Code for reproducing results in "Glow: Generative Flow with Invertible 1x1 Convolutions"
MIT License
3.11k stars 516 forks source link

Implementation vs paper #34

Closed victorherbemontagne closed 6 years ago

victorherbemontagne commented 6 years ago


First of all, thanks for this amazing work, it has been a pleasure to dive in the paper !

Now more precisely, when looking at the implementation and the implementation of the actnorm module, I can't understand the choice made considering the paper. In the paper you state that you used a affine transformation of the activation with parameters s and b. image

But in the implementation it seems to first add the bias b: x = x + b(with actnorm_center), then multiply by s: x = s * (x+b) (with actnorm_scale)

You reverse the code when reverse = True but I feel this might be the opposite.

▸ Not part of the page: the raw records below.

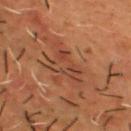<tbp_lesion>
  <biopsy_status>not biopsied; imaged during a skin examination</biopsy_status>
  <site>chest</site>
  <lesion_size>
    <long_diameter_mm_approx>5.5</long_diameter_mm_approx>
  </lesion_size>
  <patient>
    <sex>male</sex>
    <age_approx>50</age_approx>
  </patient>
  <automated_metrics>
    <area_mm2_approx>9.5</area_mm2_approx>
    <shape_asymmetry>0.55</shape_asymmetry>
    <color_variation_0_10>5.0</color_variation_0_10>
    <peripheral_color_asymmetry>1.5</peripheral_color_asymmetry>
  </automated_metrics>
  <image>
    <source>total-body photography crop</source>
    <field_of_view_mm>15</field_of_view_mm>
  </image>
  <lighting>cross-polarized</lighting>
</tbp_lesion>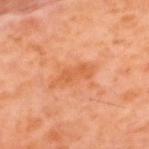| key | value |
|---|---|
| workup | imaged on a skin check; not biopsied |
| subject | male, about 60 years old |
| anatomic site | the upper back |
| diameter | ≈4.5 mm |
| image source | 15 mm crop, total-body photography |
| automated metrics | a footprint of about 6.5 mm² and a symmetry-axis asymmetry near 0.35; a lesion color around L≈56 a*≈28 b*≈40 in CIELAB, roughly 7 lightness units darker than nearby skin, and a normalized border contrast of about 6; border irregularity of about 4.5 on a 0–10 scale; a lesion-detection confidence of about 100/100 |
| tile lighting | cross-polarized illumination |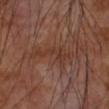Assessment: This lesion was catalogued during total-body skin photography and was not selected for biopsy. Image and clinical context: Cropped from a total-body skin-imaging series; the visible field is about 15 mm. The lesion is located on the left forearm. A male patient, aged 68 to 72. Captured under cross-polarized illumination.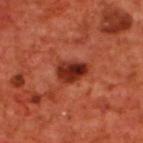biopsy status: no biopsy performed (imaged during a skin exam)
image-analysis metrics: an area of roughly 7 mm², a shape eccentricity near 0.75, and a symmetry-axis asymmetry near 0.25; about 14 CIELAB-L* units darker than the surrounding skin; a border-irregularity index near 2/10, a within-lesion color-variation index near 7.5/10, and peripheral color asymmetry of about 2.5
patient: male, roughly 70 years of age
image: 15 mm crop, total-body photography
anatomic site: the upper back
illumination: cross-polarized illumination
lesion size: ~3.5 mm (longest diameter)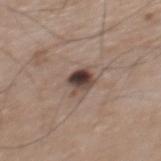Longest diameter approximately 2.5 mm. An algorithmic analysis of the crop reported a lesion color around L≈42 a*≈15 b*≈21 in CIELAB, a lesion–skin lightness drop of about 16, and a normalized lesion–skin contrast near 12. The lesion is on the mid back. A male patient, approximately 75 years of age. A 15 mm crop from a total-body photograph taken for skin-cancer surveillance.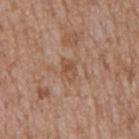* biopsy status · catalogued during a skin exam; not biopsied
* location · the mid back
* diameter · ~2.5 mm (longest diameter)
* tile lighting · white-light
* subject · male, aged around 65
* imaging modality · total-body-photography crop, ~15 mm field of view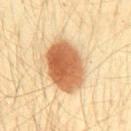notes = no biopsy performed (imaged during a skin exam) | automated metrics = a mean CIELAB color near L≈61 a*≈23 b*≈40 and a normalized border contrast of about 11; a within-lesion color-variation index near 5.5/10 and radial color variation of about 1.5 | location = the front of the torso | lesion size = ~6 mm (longest diameter) | subject = male, aged approximately 30 | image = 15 mm crop, total-body photography.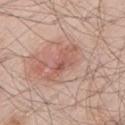| feature | finding |
|---|---|
| notes | catalogued during a skin exam; not biopsied |
| lesion diameter | ≈5.5 mm |
| patient | male, aged around 60 |
| body site | the leg |
| image | ~15 mm crop, total-body skin-cancer survey |
| tile lighting | white-light |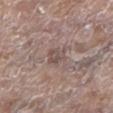| feature | finding |
|---|---|
| diameter | about 2.5 mm |
| site | the left lower leg |
| acquisition | ~15 mm tile from a whole-body skin photo |
| tile lighting | white-light illumination |
| subject | female, aged 83 or over |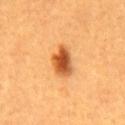The lesion was tiled from a total-body skin photograph and was not biopsied.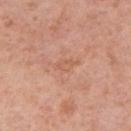Recorded during total-body skin imaging; not selected for excision or biopsy.
Cropped from a whole-body photographic skin survey; the tile spans about 15 mm.
On the right upper arm.
The patient is a female aged around 60.
This is a white-light tile.
Approximately 3 mm at its widest.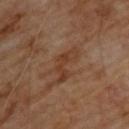Captured during whole-body skin photography for melanoma surveillance; the lesion was not biopsied. From the upper back. A lesion tile, about 15 mm wide, cut from a 3D total-body photograph. The subject is a male roughly 70 years of age. The recorded lesion diameter is about 4.5 mm. The tile uses cross-polarized illumination.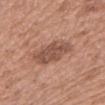Clinical impression:
Recorded during total-body skin imaging; not selected for excision or biopsy.
Acquisition and patient details:
A 15 mm close-up extracted from a 3D total-body photography capture. The recorded lesion diameter is about 5 mm. On the arm. The tile uses white-light illumination. A female patient approximately 60 years of age.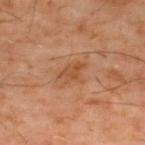| field | value |
|---|---|
| workup | no biopsy performed (imaged during a skin exam) |
| anatomic site | the mid back |
| lighting | cross-polarized |
| image | total-body-photography crop, ~15 mm field of view |
| patient | male, aged around 60 |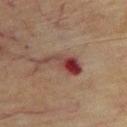Q: Is there a histopathology result?
A: no biopsy performed (imaged during a skin exam)
Q: How was this image acquired?
A: total-body-photography crop, ~15 mm field of view
Q: What are the patient's age and sex?
A: male, aged approximately 75
Q: Lesion location?
A: the upper back
Q: Illumination type?
A: cross-polarized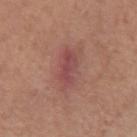The lesion-visualizer software estimated border irregularity of about 3 on a 0–10 scale, internal color variation of about 4.5 on a 0–10 scale, and a peripheral color-asymmetry measure near 1.5.
Captured under white-light illumination.
The recorded lesion diameter is about 4 mm.
Located on the right forearm.
A 15 mm crop from a total-body photograph taken for skin-cancer surveillance.
The subject is a female in their mid-60s.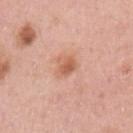notes — catalogued during a skin exam; not biopsied | image — 15 mm crop, total-body photography | subject — female, aged 38–42 | location — the arm.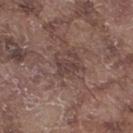lesion diameter: about 3 mm; body site: the right thigh; subject: male, aged 73 to 77; image: ~15 mm tile from a whole-body skin photo; tile lighting: white-light.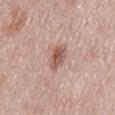Assessment:
No biopsy was performed on this lesion — it was imaged during a full skin examination and was not determined to be concerning.
Background:
The lesion is located on the mid back. The patient is a male aged 53 to 57. Longest diameter approximately 4 mm. Automated image analysis of the tile measured internal color variation of about 3.5 on a 0–10 scale. The analysis additionally found a nevus-likeness score of about 95/100 and a lesion-detection confidence of about 100/100. A region of skin cropped from a whole-body photographic capture, roughly 15 mm wide. Captured under white-light illumination.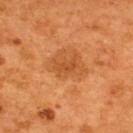Captured during whole-body skin photography for melanoma surveillance; the lesion was not biopsied. From the upper back. A male subject aged 53–57. This image is a 15 mm lesion crop taken from a total-body photograph.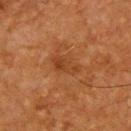A male subject, in their mid- to late 60s. The recorded lesion diameter is about 3.5 mm. The lesion is located on the upper back. A region of skin cropped from a whole-body photographic capture, roughly 15 mm wide.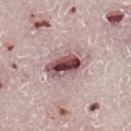The lesion was photographed on a routine skin check and not biopsied; there is no pathology result.
Imaged with white-light lighting.
The lesion is on the right lower leg.
About 5 mm across.
This image is a 15 mm lesion crop taken from a total-body photograph.
The patient is a male in their mid-60s.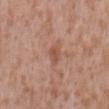<case>
<biopsy_status>not biopsied; imaged during a skin examination</biopsy_status>
<site>back</site>
<lighting>white-light</lighting>
<automated_metrics>
  <cielab_L>52</cielab_L>
  <cielab_a>22</cielab_a>
  <cielab_b>29</cielab_b>
  <vs_skin_darker_L>8.0</vs_skin_darker_L>
  <vs_skin_contrast_norm>6.0</vs_skin_contrast_norm>
  <border_irregularity_0_10>2.0</border_irregularity_0_10>
  <color_variation_0_10>1.5</color_variation_0_10>
  <peripheral_color_asymmetry>0.5</peripheral_color_asymmetry>
</automated_metrics>
<lesion_size>
  <long_diameter_mm_approx>2.5</long_diameter_mm_approx>
</lesion_size>
<image>
  <source>total-body photography crop</source>
  <field_of_view_mm>15</field_of_view_mm>
</image>
<patient>
  <sex>male</sex>
  <age_approx>45</age_approx>
</patient>
</case>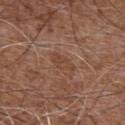The lesion is on the abdomen. The tile uses white-light illumination. The patient is a male aged 73–77. A 15 mm close-up extracted from a 3D total-body photography capture. The total-body-photography lesion software estimated a footprint of about 4 mm², an eccentricity of roughly 0.9, and a shape-asymmetry score of about 0.35 (0 = symmetric). The software also gave an average lesion color of about L≈43 a*≈21 b*≈29 (CIELAB), a lesion–skin lightness drop of about 6, and a lesion-to-skin contrast of about 5 (normalized; higher = more distinct). It also reported a border-irregularity index near 4/10 and radial color variation of about 0.5. The analysis additionally found an automated nevus-likeness rating near 0 out of 100 and a lesion-detection confidence of about 100/100. Measured at roughly 3 mm in maximum diameter.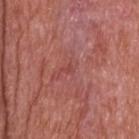- follow-up — imaged on a skin check; not biopsied
- location — the head or neck
- illumination — white-light
- imaging modality — 15 mm crop, total-body photography
- patient — male, aged around 65
- image-analysis metrics — an eccentricity of roughly 0.7 and a symmetry-axis asymmetry near 0.35; a lesion color around L≈45 a*≈30 b*≈26 in CIELAB and a lesion-to-skin contrast of about 4.5 (normalized; higher = more distinct); border irregularity of about 3 on a 0–10 scale, internal color variation of about 0 on a 0–10 scale, and peripheral color asymmetry of about 0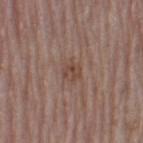notes = no biopsy performed (imaged during a skin exam) | location = the left thigh | image source = 15 mm crop, total-body photography | patient = female, in their mid-60s.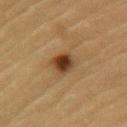Imaged during a routine full-body skin examination; the lesion was not biopsied and no histopathology is available.
The subject is a male in their mid-80s or older.
A roughly 15 mm field-of-view crop from a total-body skin photograph.
The lesion is located on the left upper arm.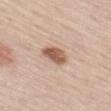Clinical impression: The lesion was photographed on a routine skin check and not biopsied; there is no pathology result. Context: A region of skin cropped from a whole-body photographic capture, roughly 15 mm wide. Approximately 3.5 mm at its widest. Imaged with white-light lighting. A male subject aged 58–62. From the left thigh.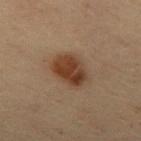image source: ~15 mm crop, total-body skin-cancer survey; lesion size: ~4.5 mm (longest diameter); patient: male, aged around 55; body site: the chest.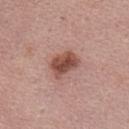follow-up: no biopsy performed (imaged during a skin exam); subject: female, aged 48 to 52; acquisition: ~15 mm crop, total-body skin-cancer survey; location: the abdomen.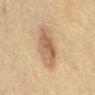Clinical impression: The lesion was photographed on a routine skin check and not biopsied; there is no pathology result.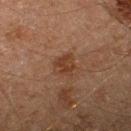Approximately 3 mm at its widest.
A close-up tile cropped from a whole-body skin photograph, about 15 mm across.
Captured under cross-polarized illumination.
The lesion is located on the right lower leg.
The patient is a male aged 58–62.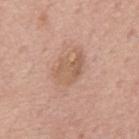Captured during whole-body skin photography for melanoma surveillance; the lesion was not biopsied.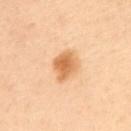The lesion was tiled from a total-body skin photograph and was not biopsied. On the mid back. Approximately 4 mm at its widest. The tile uses cross-polarized illumination. A female patient aged around 50. A roughly 15 mm field-of-view crop from a total-body skin photograph. Automated tile analysis of the lesion measured a lesion area of about 8 mm², an outline eccentricity of about 0.75 (0 = round, 1 = elongated), and a symmetry-axis asymmetry near 0.15. And it measured an average lesion color of about L≈57 a*≈20 b*≈37 (CIELAB) and roughly 11 lightness units darker than nearby skin. It also reported a color-variation rating of about 4/10 and peripheral color asymmetry of about 1. It also reported a detector confidence of about 100 out of 100 that the crop contains a lesion.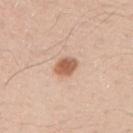Measured at roughly 2.5 mm in maximum diameter. A male subject roughly 30 years of age. The total-body-photography lesion software estimated an average lesion color of about L≈60 a*≈22 b*≈32 (CIELAB), roughly 14 lightness units darker than nearby skin, and a lesion-to-skin contrast of about 9 (normalized; higher = more distinct). The software also gave a nevus-likeness score of about 100/100 and a detector confidence of about 100 out of 100 that the crop contains a lesion. This is a white-light tile. A close-up tile cropped from a whole-body skin photograph, about 15 mm across. The lesion is on the right upper arm.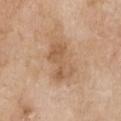Q: Was a biopsy performed?
A: no biopsy performed (imaged during a skin exam)
Q: How was this image acquired?
A: ~15 mm crop, total-body skin-cancer survey
Q: What lighting was used for the tile?
A: white-light illumination
Q: What did automated image analysis measure?
A: a lesion area of about 14 mm², an outline eccentricity of about 0.85 (0 = round, 1 = elongated), and a shape-asymmetry score of about 0.25 (0 = symmetric); lesion-presence confidence of about 100/100
Q: Lesion size?
A: ~5.5 mm (longest diameter)
Q: Lesion location?
A: the chest
Q: What are the patient's age and sex?
A: female, in their mid-60s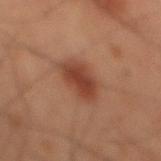| feature | finding |
|---|---|
| notes | no biopsy performed (imaged during a skin exam) |
| imaging modality | total-body-photography crop, ~15 mm field of view |
| patient | male, aged 58 to 62 |
| location | the back |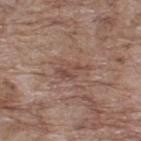notes — catalogued during a skin exam; not biopsied
acquisition — ~15 mm tile from a whole-body skin photo
lesion size — about 4 mm
location — the upper back
patient — male, aged 68 to 72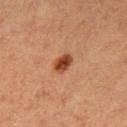notes — total-body-photography surveillance lesion; no biopsy
location — the right thigh
automated lesion analysis — border irregularity of about 1.5 on a 0–10 scale, a within-lesion color-variation index near 3/10, and radial color variation of about 1
image source — total-body-photography crop, ~15 mm field of view
patient — female, about 40 years old
tile lighting — cross-polarized illumination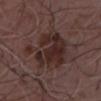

I surely miss something as you manage to train the model but I am curious about this choice.

Do I miss something?

Thank you in advance for your help !


prafullasd commented 6 years ago

Thanks Victor! :) You're right, we first centre the activations to 0 mean, then scale them to unit variance, we'll update the paper accordingly. In terms of learning though the formulations are equivalent, since x = s * (x + b) = s * x + (s * b) = s * x + b', where b' is the new bias. Note the loss term sum(log(|s|)) prevents values in s from becoming 0.